By design, reactive programming favors the functional programming style which expresses and resolves computational problems using composable functions. Nevertheless, the existence of the term functional reactive programming predates this reactive “movement” by more than a decade. FRP has a vastly different focus and centers around using functions to express behaviors over continuous time with a simple denotation semantics. Yet, it’s now oftentimes viewed as reactive programming with an explicit emphasis in functional programming.

If an illustration with code works better, I recommend reading Andre Staltz’s tutorial post which steps through the essence of reactive programming in JavaScript using RxJS.

ReactiveX

ReactiveX, a.k.a. Reactive Extensions, is an API library that enables the using of compositional operations to handle streams of asynchronous events. Extending from the observer pattern, observables and observers (which are subscribers to the observables) constitute the key ingredients in the library with a set of composable operators for filtering, transformation, aggregation, etc. RxJS and RxJava are two of the most popular implementations of ReactiveX in JavaScript and Java respectively.

Akka actors

Akka is an actor-based library targeted for building scalable concurrent and distributed applications on JVM (Java Virtual Machine). At its core are computational primitives called actors that maintain state and behavior, and communicate among themselves via asynchronous message-passing.

Written in Scala, Akka actors are by nature lightweight and loosely coupled. That, coupled with Akka’s robust routing, sharding, and pub-sub features for scalable distributed systems such as IoT, make them a great platform for building reactive systems.

Akka streams

A front-runner (and a founding member) of the reactive streams initiative is Akka Streams.

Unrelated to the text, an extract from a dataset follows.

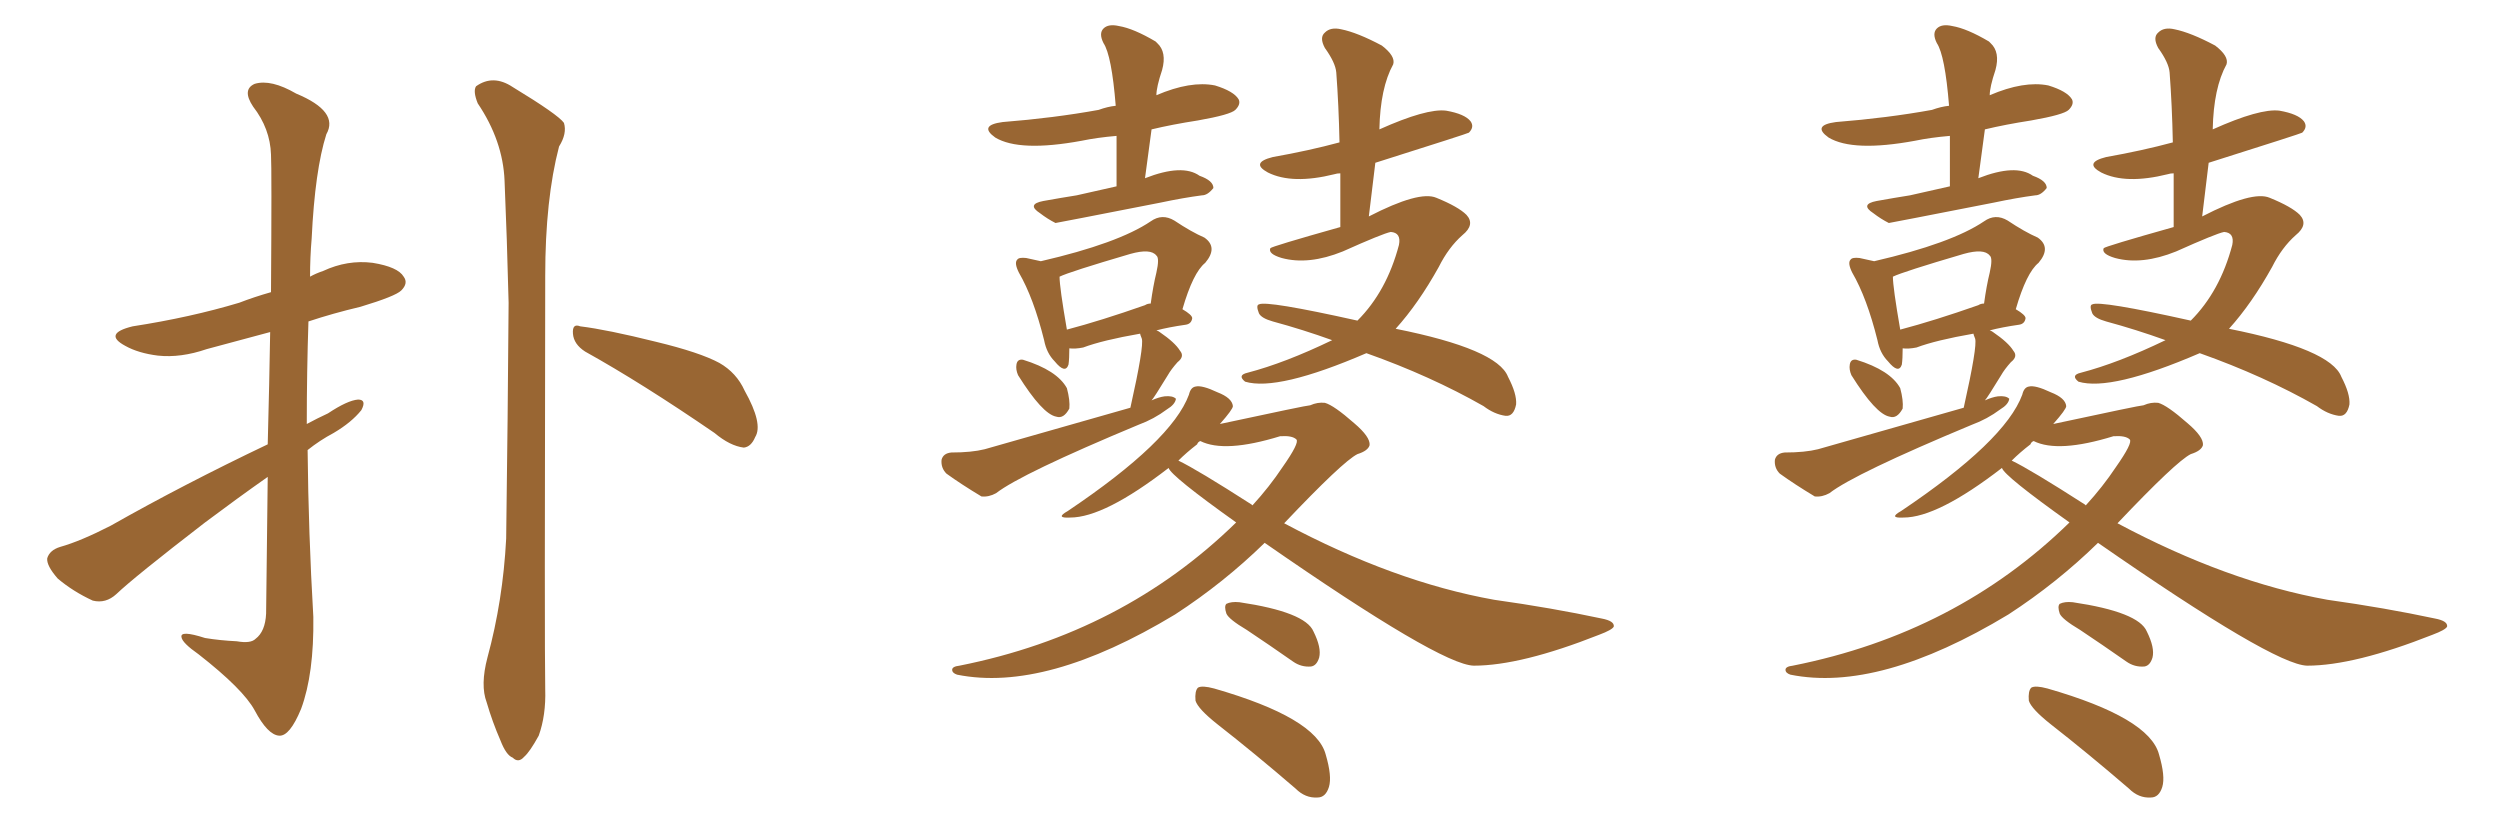 <svg xmlns="http://www.w3.org/2000/svg" xmlns:xlink="http://www.w3.org/1999/xlink" width="450" height="150"><path fill="#996633" padding="10" d="M48.19 85.84L48.19 85.84Q42.77 89.65 36.91 94.04L36.91 94.04Q24.17 103.86 20.95 106.93L20.95 106.93Q19.04 108.69 16.70 108.11L16.70 108.11Q13.18 106.49 10.40 104.15L10.40 104.15Q8.35 101.81 8.50 100.49L8.50 100.49Q8.94 99.02 10.84 98.44L10.84 98.44Q14.50 97.41 19.92 94.63L19.92 94.63Q33.11 87.16 48.19 79.98L48.19 79.98Q48.49 68.55 48.63 59.77L48.63 59.77Q42.63 61.38 37.21 62.84L37.21 62.84Q32.52 64.45 28.42 64.01L28.42 64.01Q24.90 63.57 22.56 62.26L22.56 62.26Q18.46 60.06 23.88 58.74L23.88 58.74Q34.28 57.13 43.07 54.49L43.07 54.49Q45.70 53.47 48.78 52.59L48.78 52.59Q48.93 30.47 48.78 27.83L48.78 27.83Q48.63 23.14 45.56 19.19L45.56 19.19Q43.51 16.11 45.85 15.09L45.85 15.09Q48.78 14.21 53.32 16.85L53.32 16.85Q61.08 20.07 58.74 24.17L58.74 24.17Q56.69 30.62 56.10 42.92L56.10 42.92Q55.81 46.29 55.81 49.80L55.81 49.80Q56.84 49.22 58.15 48.78L58.15 48.78Q62.55 46.73 67.09 47.31L67.09 47.31Q71.63 48.05 72.66 49.80L72.66 49.80Q73.54 50.98 72.22 52.29L72.22 52.29Q71.19 53.32 64.89 55.22L64.89 55.22Q59.91 56.40 55.52 57.86L55.52 57.86Q55.22 66.94 55.22 76.32L55.22 76.32Q57.13 75.29 59.03 74.41L59.03 74.41Q62.55 72.07 64.45 71.92L64.45 71.92Q66.06 71.92 65.04 73.83L65.04 73.83Q63.28 76.03 60.06 77.93L60.06 77.93Q57.57 79.25 55.37 81.01L55.37 81.01Q55.52 95.95 56.40 111.04L56.40 111.04Q56.54 121.29 54.20 127.59L54.20 127.59Q52.15 132.57 50.24 132.42L50.24 132.42Q48.19 132.28 45.85 127.88L45.85 127.88Q43.80 124.07 35.74 117.77L35.74 117.77Q32.81 115.72 32.67 114.70L32.67 114.70Q32.37 113.38 36.91 114.84L36.91 114.84Q39.55 115.28 42.63 115.43L42.63 115.43Q45.12 115.87 46.00 114.99L46.00 114.99Q47.75 113.67 47.90 110.45L47.90 110.45Q48.05 96.83 48.19 85.84ZM87.74 118.36L87.74 118.36Q90.53 108.11 91.11 96.97L91.11 96.97Q91.41 74.85 91.55 54.49L91.55 54.49Q91.26 42.77 90.82 32.52L90.82 32.52Q90.53 25.34 85.99 18.60L85.99 18.60Q85.11 16.41 85.69 15.53L85.69 15.53Q88.77 13.33 92.29 15.67L92.29 15.67Q100.49 20.65 101.51 22.12L101.51 22.12Q102.10 24.02 100.63 26.37L100.63 26.37Q98.14 35.89 98.14 49.66L98.14 49.66Q98.00 116.89 98.14 124.07L98.14 124.07Q98.29 128.76 96.97 132.42L96.97 132.42Q95.36 135.35 94.34 136.23L94.34 136.23Q93.31 137.40 92.29 136.38L92.29 136.38Q91.11 135.94 90.09 133.30L90.09 133.30Q88.62 129.93 87.60 126.42L87.60 126.42Q86.43 123.34 87.74 118.36ZM105.32 63.28L105.32 63.28L105.32 63.28Q103.27 61.96 103.13 60.06L103.13 60.06Q102.98 58.15 104.44 58.74L104.44 58.74Q109.28 59.33 118.07 61.52L118.07 61.52Q125.98 63.43 129.49 65.33L129.49 65.33Q132.57 67.09 134.03 70.31L134.03 70.31Q137.40 76.32 135.94 78.66L135.94 78.66Q135.21 80.42 133.89 80.57L133.89 80.57Q131.40 80.27 128.61 77.93L128.61 77.93Q115.58 68.99 105.32 63.28ZM200.98 33.54L200.98 33.54Q200.98 28.56 200.98 24.46L200.98 24.46Q197.46 24.76 194.68 25.34L194.68 25.34Q183.54 27.39 179.15 24.76L179.15 24.76Q176.07 22.56 180.47 21.97L180.47 21.97Q189.70 21.24 197.75 19.78L197.75 19.78Q199.37 19.19 200.83 19.04L200.83 19.04Q200.10 9.96 198.63 7.76L198.63 7.76Q197.75 6.01 198.63 5.13L198.63 5.13Q199.51 4.25 201.42 4.69L201.42 4.69Q204.05 5.13 208.01 7.47L208.01 7.47Q208.15 7.62 208.30 7.76L208.30 7.76Q210.06 9.38 209.18 12.60L209.18 12.60Q208.15 15.67 208.15 17.14L208.15 17.14Q214.31 14.50 218.70 15.38L218.70 15.38Q222.07 16.41 222.95 17.87L222.95 17.87Q223.39 18.75 222.36 19.78L222.36 19.78Q221.48 20.65 215.63 21.68L215.63 21.68Q210.94 22.41 207.28 23.29L207.28 23.29Q206.69 27.54 206.10 32.08L206.10 32.08Q212.84 29.44 215.92 31.64L215.92 31.64Q218.41 32.52 218.41 33.84L218.41 33.84Q217.38 35.16 216.36 35.16L216.36 35.16Q212.99 35.60 208.89 36.47L208.89 36.47Q190.14 40.14 189.99 40.14L189.99 40.14Q188.53 39.40 187.21 38.38L187.21 38.38Q184.72 36.77 187.79 36.18L187.79 36.18Q191.02 35.60 193.80 35.16L193.80 35.16Q197.02 34.42 200.98 33.54ZM183.25 67.53L183.25 67.53Q182.81 66.50 182.96 65.63L182.96 65.63Q183.11 64.60 184.13 64.75L184.13 64.75Q190.28 66.65 192.04 69.87L192.04 69.87Q192.63 72.07 192.48 73.54L192.48 73.54Q191.46 75.44 190.14 75L190.14 75Q187.65 74.56 183.25 67.53ZM203.47 73.39L203.47 73.39Q205.96 62.26 205.52 60.94L205.52 60.94Q205.22 60.21 205.22 60.06L205.22 60.06Q198.49 61.23 194.97 62.55L194.97 62.55Q193.51 62.84 192.48 62.70L192.48 62.70Q192.48 64.60 192.33 65.63L192.33 65.63Q191.75 67.38 189.84 65.04L189.84 65.04Q188.38 63.57 187.94 61.23L187.94 61.23Q186.04 53.61 183.40 49.07L183.40 49.07Q182.52 47.31 183.11 46.73L183.11 46.73Q183.40 46.29 184.72 46.44L184.72 46.44Q186.77 46.88 187.35 47.02L187.35 47.02Q201.27 43.80 207.13 39.84L207.13 39.84Q209.18 38.38 211.38 39.70L211.38 39.70Q214.45 41.75 216.80 42.77L216.80 42.77Q219.29 44.53 216.94 47.31L216.94 47.31Q214.75 49.07 212.84 55.66L212.84 55.66Q214.60 56.69 214.60 57.28L214.60 57.28Q214.45 58.30 213.43 58.45L213.43 58.45Q210.35 58.89 208.15 59.47L208.15 59.47Q208.59 59.62 208.74 59.77L208.74 59.77Q211.52 61.67 212.40 63.13L212.40 63.13Q213.28 64.16 211.96 65.19L211.96 65.19Q210.79 66.50 210.21 67.53L210.21 67.53Q207.71 71.63 207.28 72.07L207.28 72.07Q208.59 71.48 209.62 71.34L209.62 71.34Q211.08 71.19 211.67 71.78L211.67 71.78Q211.52 72.80 210.06 73.68L210.06 73.68Q207.71 75.44 204.93 76.46L204.93 76.46Q183.84 85.25 179.30 88.77L179.30 88.77Q177.98 89.50 176.66 89.36L176.66 89.36Q173.00 87.16 170.36 85.25L170.36 85.25Q169.34 84.23 169.48 82.76L169.48 82.76Q169.78 81.59 171.24 81.45L171.24 81.45Q174.90 81.45 177.25 80.86L177.25 80.86Q191.16 76.90 203.47 73.39ZM206.10 54.93L206.10 54.93Q206.54 54.64 207.13 54.64L207.13 54.64Q207.57 51.42 208.15 49.07L208.15 49.07Q208.74 46.44 208.15 46.00L208.15 46.00Q207.13 44.68 203.47 45.70L203.47 45.70Q192.48 48.93 190.72 49.80L190.72 49.80Q190.72 51.71 192.04 59.33L192.04 59.33Q198.19 57.71 206.10 54.93ZM245.95 63.57L245.95 63.57Q229.98 70.46 224.12 68.70L224.12 68.70Q222.66 67.53 224.56 67.09L224.56 67.09Q231.30 65.33 239.79 61.23L239.79 61.23Q234.52 59.33 229.10 57.86L229.10 57.86Q227.05 57.28 226.61 56.40L226.61 56.40Q226.03 54.93 226.61 54.79L226.61 54.79Q227.93 54.05 244.34 57.71L244.34 57.71Q249.61 52.44 251.81 44.09L251.81 44.09Q252.25 41.89 250.34 41.75L250.34 41.75Q248.88 42.04 241.70 45.26L241.70 45.26Q235.55 47.75 230.71 46.44L230.71 46.44Q228.22 45.70 228.66 44.68L228.66 44.68Q228.81 44.38 241.26 40.87L241.26 40.87Q241.26 35.74 241.26 31.20L241.26 31.20Q240.67 31.20 240.23 31.35L240.23 31.35Q232.62 33.25 228.22 31.05L228.22 31.05Q225 29.30 229.10 28.27L229.10 28.27Q235.69 27.10 241.11 25.63L241.11 25.63Q240.97 18.90 240.53 13.04L240.53 13.04Q240.38 11.28 238.48 8.64L238.48 8.64Q237.45 6.74 238.48 5.86L238.48 5.86Q239.50 4.83 241.41 5.27L241.41 5.27Q244.34 5.86 248.73 8.20L248.73 8.20Q251.22 10.11 250.78 11.57L250.78 11.57Q248.44 15.82 248.29 23.29L248.29 23.29Q256.79 19.48 260.30 19.92L260.30 19.92Q263.67 20.51 264.70 21.83L264.70 21.83Q265.43 22.85 264.40 23.88L264.40 23.88Q264.26 24.02 247.56 29.30L247.56 29.30Q246.97 33.98 246.39 38.96L246.39 38.96Q255.47 34.28 258.54 35.60L258.54 35.60Q262.50 37.21 263.96 38.67L263.96 38.67Q265.58 40.43 263.23 42.33L263.23 42.33Q260.74 44.53 258.98 48.05L258.98 48.05Q255.32 54.64 251.22 59.18L251.22 59.18Q269.53 62.84 271.44 67.82L271.44 67.82Q273.05 70.90 272.90 72.80L272.90 72.80Q272.46 75 271.00 74.85L271.00 74.85Q268.95 74.56 267.04 73.10L267.04 73.10Q257.52 67.68 245.95 63.57ZM227.64 97.71L227.64 97.71Q220.31 104.88 211.52 110.60L211.52 110.60Q188.23 124.66 172.27 121.44L172.27 121.44Q171.39 121.14 171.39 120.56L171.39 120.56Q171.39 119.97 172.71 119.82L172.71 119.82Q202.15 113.96 222.51 94.04L222.51 94.04Q210.79 85.69 210.35 84.23L210.35 84.23Q198.78 93.16 192.63 93.16L192.63 93.16Q189.84 93.31 192.19 91.99L192.19 91.99Q210.94 79.39 214.01 71.04L214.01 71.04Q214.31 69.73 215.19 69.58L215.19 69.58Q216.36 69.29 219.14 70.61L219.14 70.61Q221.78 71.63 221.92 73.10L221.92 73.10Q221.92 73.68 219.58 76.32L219.58 76.32Q235.25 72.95 235.84 72.95L235.84 72.95Q237.16 72.36 238.48 72.51L238.48 72.51Q240.09 72.95 243.75 76.17L243.75 76.17Q246.68 78.66 246.53 80.13L246.53 80.13Q246.24 81.15 244.34 81.74L244.34 81.74Q241.70 83.06 231.15 94.19L231.15 94.19Q250.93 104.74 268.95 107.96L268.95 107.96Q279.35 109.42 288.28 111.33L288.28 111.33Q290.63 111.77 290.48 112.79L290.48 112.79Q290.19 113.38 287.84 114.26L287.84 114.26Q273.78 119.82 265.28 119.82L265.28 119.82Q259.28 119.68 227.64 97.71ZM225.29 90.82L225.29 90.82Q225.29 90.82 225.44 90.97L225.44 90.97Q228.52 87.60 230.86 84.08L230.86 84.08Q233.94 79.69 233.35 79.10L233.35 79.10Q232.62 78.37 230.42 78.52L230.42 78.52Q220.46 81.59 216.06 79.39L216.06 79.39Q215.63 79.54 215.48 79.98L215.48 79.98Q213.57 81.45 212.11 82.91L212.11 82.91Q215.48 84.52 225.29 90.82ZM224.41 113.38L224.41 113.38Q221.19 111.47 220.75 110.45L220.75 110.45Q220.31 109.13 220.75 108.69L220.75 108.69Q221.63 108.25 223.10 108.40L223.10 108.40Q234.96 110.16 236.43 113.67L236.43 113.67Q237.89 116.60 237.45 118.36L237.45 118.36Q237.01 119.82 235.99 119.97L235.99 119.97Q234.23 120.12 232.76 119.09L232.76 119.09Q228.37 116.02 224.41 113.38ZM219.14 130.37L219.14 130.37L219.14 130.37Q215.63 127.59 215.19 126.12L215.19 126.12Q215.04 124.37 215.63 123.78L215.63 123.78Q216.36 123.34 218.55 123.93L218.55 123.93Q236.87 129.20 238.62 135.79L238.62 135.79Q239.79 139.75 239.21 141.65L239.21 141.65Q238.62 143.55 237.16 143.55L237.16 143.55Q234.96 143.70 233.20 141.94L233.20 141.94Q225.88 135.64 219.14 130.37ZM350.98 33.54L350.98 33.54Q350.98 28.56 350.98 24.46L350.98 24.46Q347.46 24.76 344.68 25.34L344.68 25.34Q333.54 27.39 329.15 24.76L329.15 24.76Q326.07 22.56 330.47 21.97L330.47 21.97Q339.70 21.24 347.75 19.78L347.75 19.78Q349.37 19.19 350.83 19.04L350.83 19.04Q350.10 9.96 348.63 7.76L348.63 7.76Q347.75 6.01 348.63 5.13L348.63 5.13Q349.51 4.25 351.42 4.69L351.42 4.69Q354.05 5.13 358.01 7.47L358.01 7.47Q358.15 7.62 358.30 7.76L358.30 7.76Q360.06 9.38 359.18 12.60L359.18 12.60Q358.15 15.67 358.15 17.14L358.15 17.14Q364.31 14.50 368.70 15.38L368.70 15.38Q372.07 16.41 372.95 17.87L372.95 17.87Q373.39 18.75 372.36 19.78L372.36 19.78Q371.48 20.65 365.63 21.68L365.63 21.68Q360.94 22.41 357.28 23.29L357.28 23.29Q356.69 27.54 356.10 32.08L356.10 32.08Q362.84 29.44 365.92 31.64L365.92 31.64Q368.41 32.52 368.41 33.84L368.41 33.84Q367.38 35.16 366.36 35.16L366.36 35.16Q362.99 35.60 358.89 36.47L358.89 36.47Q340.14 40.14 339.99 40.14L339.99 40.14Q338.53 39.40 337.21 38.38L337.21 38.38Q334.72 36.77 337.79 36.18L337.79 36.18Q341.02 35.60 343.80 35.16L343.80 35.16Q347.02 34.42 350.98 33.54ZM333.25 67.53L333.25 67.53Q332.81 66.50 332.96 65.63L332.96 65.63Q333.11 64.60 334.13 64.75L334.13 64.75Q340.28 66.65 342.04 69.87L342.04 69.87Q342.63 72.07 342.48 73.54L342.48 73.54Q341.46 75.44 340.14 75L340.14 75Q337.65 74.56 333.25 67.53ZM353.47 73.39L353.47 73.39Q355.96 62.26 355.52 60.94L355.52 60.94Q355.22 60.21 355.22 60.06L355.22 60.06Q348.49 61.23 344.97 62.55L344.97 62.55Q343.51 62.84 342.48 62.70L342.48 62.70Q342.48 64.60 342.33 65.63L342.33 65.63Q341.75 67.38 339.84 65.04L339.84 65.04Q338.38 63.57 337.94 61.23L337.94 61.23Q336.04 53.61 333.40 49.07L333.40 49.07Q332.52 47.31 333.11 46.73L333.11 46.73Q333.40 46.29 334.72 46.44L334.72 46.44Q336.77 46.88 337.35 47.02L337.35 47.02Q351.27 43.80 357.13 39.84L357.13 39.84Q359.18 38.38 361.38 39.70L361.38 39.70Q364.45 41.75 366.80 42.77L366.80 42.77Q369.29 44.53 366.94 47.31L366.94 47.31Q364.75 49.07 362.84 55.66L362.84 55.66Q364.60 56.69 364.60 57.28L364.60 57.28Q364.45 58.30 363.43 58.45L363.43 58.45Q360.35 58.89 358.15 59.47L358.15 59.47Q358.59 59.62 358.74 59.77L358.74 59.77Q361.52 61.67 362.40 63.13L362.40 63.13Q363.28 64.16 361.96 65.19L361.96 65.19Q360.79 66.50 360.21 67.53L360.21 67.53Q357.71 71.63 357.28 72.07L357.28 72.07Q358.59 71.48 359.62 71.34L359.62 71.34Q361.08 71.19 361.67 71.78L361.67 71.78Q361.52 72.80 360.06 73.68L360.06 73.68Q357.71 75.44 354.93 76.46L354.93 76.46Q333.84 85.25 329.30 88.77L329.30 88.77Q327.98 89.50 326.66 89.36L326.66 89.36Q323.00 87.16 320.36 85.25L320.36 85.25Q319.34 84.23 319.48 82.76L319.48 82.76Q319.78 81.59 321.24 81.45L321.24 81.45Q324.90 81.45 327.25 80.86L327.25 80.86Q341.16 76.90 353.47 73.39ZM356.10 54.93L356.10 54.93Q356.54 54.64 357.13 54.64L357.13 54.64Q357.57 51.42 358.15 49.07L358.15 49.07Q358.74 46.44 358.15 46.00L358.15 46.00Q357.13 44.68 353.47 45.70L353.47 45.70Q342.48 48.93 340.72 49.80L340.72 49.80Q340.72 51.71 342.04 59.33L342.04 59.33Q348.19 57.71 356.10 54.93ZM395.95 63.57L395.95 63.57Q379.98 70.46 374.12 68.70L374.12 68.70Q372.66 67.53 374.56 67.09L374.56 67.09Q381.30 65.33 389.79 61.23L389.79 61.23Q384.52 59.33 379.10 57.86L379.10 57.86Q377.05 57.28 376.61 56.40L376.61 56.40Q376.03 54.93 376.61 54.79L376.61 54.79Q377.93 54.05 394.34 57.71L394.34 57.71Q399.61 52.44 401.81 44.09L401.81 44.09Q402.25 41.89 400.34 41.75L400.34 41.75Q398.88 42.04 391.70 45.26L391.70 45.26Q385.55 47.75 380.71 46.44L380.71 46.44Q378.22 45.70 378.66 44.68L378.66 44.68Q378.81 44.38 391.26 40.87L391.26 40.87Q391.26 35.74 391.26 31.20L391.26 31.20Q390.67 31.20 390.23 31.35L390.23 31.35Q382.62 33.25 378.22 31.05L378.22 31.05Q375 29.30 379.10 28.27L379.10 28.27Q385.69 27.10 391.11 25.63L391.11 25.63Q390.97 18.90 390.53 13.04L390.53 13.04Q390.38 11.28 388.48 8.64L388.48 8.64Q387.45 6.74 388.48 5.86L388.48 5.86Q389.50 4.83 391.41 5.27L391.41 5.27Q394.34 5.86 398.73 8.20L398.73 8.20Q401.22 10.11 400.78 11.57L400.78 11.57Q398.44 15.82 398.29 23.29L398.29 23.29Q406.79 19.48 410.30 19.92L410.30 19.92Q413.67 20.51 414.70 21.83L414.70 21.83Q415.43 22.85 414.40 23.88L414.40 23.88Q414.26 24.02 397.56 29.30L397.56 29.30Q396.97 33.98 396.39 38.96L396.39 38.96Q405.47 34.28 408.54 35.60L408.54 35.60Q412.50 37.21 413.96 38.67L413.96 38.67Q415.58 40.43 413.23 42.33L413.23 42.33Q410.74 44.53 408.98 48.05L408.98 48.05Q405.32 54.64 401.22 59.18L401.22 59.18Q419.53 62.84 421.44 67.82L421.44 67.82Q423.05 70.90 422.90 72.80L422.90 72.80Q422.46 75 421.00 74.85L421.00 74.85Q418.95 74.56 417.04 73.10L417.04 73.10Q407.52 67.68 395.95 63.57ZM377.64 97.71L377.64 97.71Q370.31 104.88 361.52 110.60L361.52 110.60Q338.23 124.66 322.27 121.44L322.27 121.44Q321.39 121.14 321.39 120.56L321.39 120.56Q321.39 119.97 322.71 119.82L322.71 119.82Q352.15 113.96 372.51 94.04L372.51 94.04Q360.79 85.69 360.35 84.23L360.35 84.23Q348.78 93.16 342.63 93.16L342.63 93.16Q339.84 93.31 342.19 91.99L342.19 91.99Q360.94 79.39 364.01 71.04L364.01 71.04Q364.31 69.73 365.19 69.58L365.19 69.58Q366.36 69.29 369.14 70.61L369.14 70.61Q371.78 71.63 371.92 73.10L371.92 73.10Q371.92 73.68 369.58 76.32L369.58 76.32Q385.25 72.95 385.84 72.95L385.84 72.95Q387.16 72.36 388.48 72.51L388.48 72.51Q390.09 72.95 393.75 76.17L393.75 76.17Q396.68 78.66 396.53 80.13L396.53 80.13Q396.24 81.15 394.34 81.74L394.34 81.74Q391.70 83.06 381.15 94.19L381.15 94.19Q400.93 104.74 418.95 107.96L418.95 107.96Q429.35 109.42 438.28 111.33L438.28 111.33Q440.63 111.77 440.48 112.79L440.48 112.79Q440.19 113.38 437.84 114.26L437.84 114.26Q423.78 119.82 415.28 119.82L415.28 119.82Q409.28 119.68 377.64 97.71ZM375.29 90.82L375.29 90.82Q375.29 90.82 375.44 90.97L375.44 90.97Q378.52 87.60 380.86 84.08L380.86 84.08Q383.94 79.69 383.35 79.10L383.35 79.10Q382.62 78.37 380.42 78.52L380.42 78.52Q370.46 81.59 366.06 79.39L366.06 79.39Q365.63 79.54 365.48 79.98L365.48 79.98Q363.57 81.45 362.11 82.91L362.11 82.91Q365.48 84.52 375.29 90.82ZM374.41 113.38L374.41 113.38Q371.19 111.47 370.75 110.45L370.75 110.45Q370.31 109.13 370.75 108.69L370.75 108.69Q371.63 108.25 373.10 108.40L373.10 108.40Q384.96 110.16 386.43 113.67L386.43 113.67Q387.89 116.60 387.45 118.36L387.45 118.36Q387.01 119.82 385.99 119.97L385.99 119.97Q384.23 120.12 382.76 119.09L382.76 119.09Q378.37 116.02 374.41 113.38ZM369.14 130.37L369.14 130.37L369.14 130.37Q365.63 127.59 365.19 126.12L365.19 126.12Q365.04 124.37 365.63 123.78L365.63 123.78Q366.36 123.34 368.55 123.93L368.55 123.93Q386.87 129.20 388.62 135.79L388.62 135.79Q389.79 139.75 389.21 141.65L389.21 141.65Q388.62 143.55 387.16 143.55L387.16 143.55Q384.96 143.70 383.20 141.94L383.20 141.94Q375.88 135.64 369.14 130.37Z"/></svg>

It’s built on top of Akka actors and provides an extensive set of APIs for building stream topologies and processing streams in a highly compositional fashion. A recent blog post of mine centers around Akka streams and how it can be used to perform some basic text mining.

Apparently, Akka streams as a reactive initiative has been striving these days. Akka-Streams-based drivers such as Reactive Rabbit and ReactiveMongo for RabbitMQ and MongoDB have started to gain some momentum in the technology industry. In addition, Akka HTTP, which is the next generation of the Spray REST/HTTP toolkit, is also built to be stream-enabled with Akka streams as its underlying engine.

All streams oriented — in some way

With the steadily growing momentum in adopting the reactive systems initiative, it apparently has surpassed the stage of being a mere hype. It’s also evidently more than an reinvented buzzword of asynchronous event-based systems. From a technical merits perspective, I see no reason why it won’t become more prominent. Nevertheless, even open-source technology initiatives are like commercial products — good timing can quickly attract attention in the initial stage and suitable marketing can help gain on-going momentum necessary to popularize to the broader user base.

Timing-wise, functional programming has been on the rise so I’d say it’s great timing, as the programming style is favorably embraced in building reactive systems. As to marketing, I believe more intuitive and revelatory naming of the initiative would sell better to the technology industry. One could hardly grasp anything meaningful when hearing the term “reactive systems” for the first time. Although the term “reactive” addresses some aspect of the embraced change propagation in such systems, it doesn’t jump out at the audience as a signature characteristic.

With reactive systems, reactive streams and reactive programming predominantly oriented around streams, I think the term “stream” is a more revelatory keyword than “reactive.” Trading generality with simplicity and intuition, I would combine reactive systems and reactive streams as a single initiative, and replace “reactive” with something that centers around “stream.”